Google Cloud Storage

A Storage Provider Connection for Google Cloud Storage

To upload Datasets from Google Cloud Storage (GCS) to FCS, you first need to create a Storage Provider Connection that holds the necessary information to connect to your GCS bucket. Setting up a Storage Provider Connection for GCS leverages Google Cloud Platform's Service Account JSON key file. You can find more information on how to create a Service Account JSON key file in the Google Cloud documentation (Pick the Console tab for instructions on how to obtain it using the GCP web console).

Prerequisites

Before creating a Storage Provider Connection, you need to have the following information at hand:

  • A Google Cloud Service Account JSON key file with sufficient permissions to access the target GCS bucket.
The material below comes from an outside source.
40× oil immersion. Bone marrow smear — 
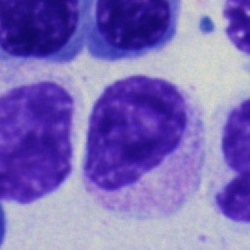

Storing Your Google Cloud Service Account Key

To store your Google Cloud Service Account JSON key file as an FCS Secret, run the following command:

cat <service_account_key.json> | flexai secret create <secret_name> --value-stdin

For example, if your Google Cloud Service Account JSON key file is named gcp-service-account.json, you can store it as an FCS Secret named gcp-sa by running the following command:

cat gcp-service-account.json | flexai secret create gcp-sa --value-stdin

This command reads the contents of your Google Cloud Service Account JSON key file and securely stores its entirety as an FCS Secret named gcp-sa.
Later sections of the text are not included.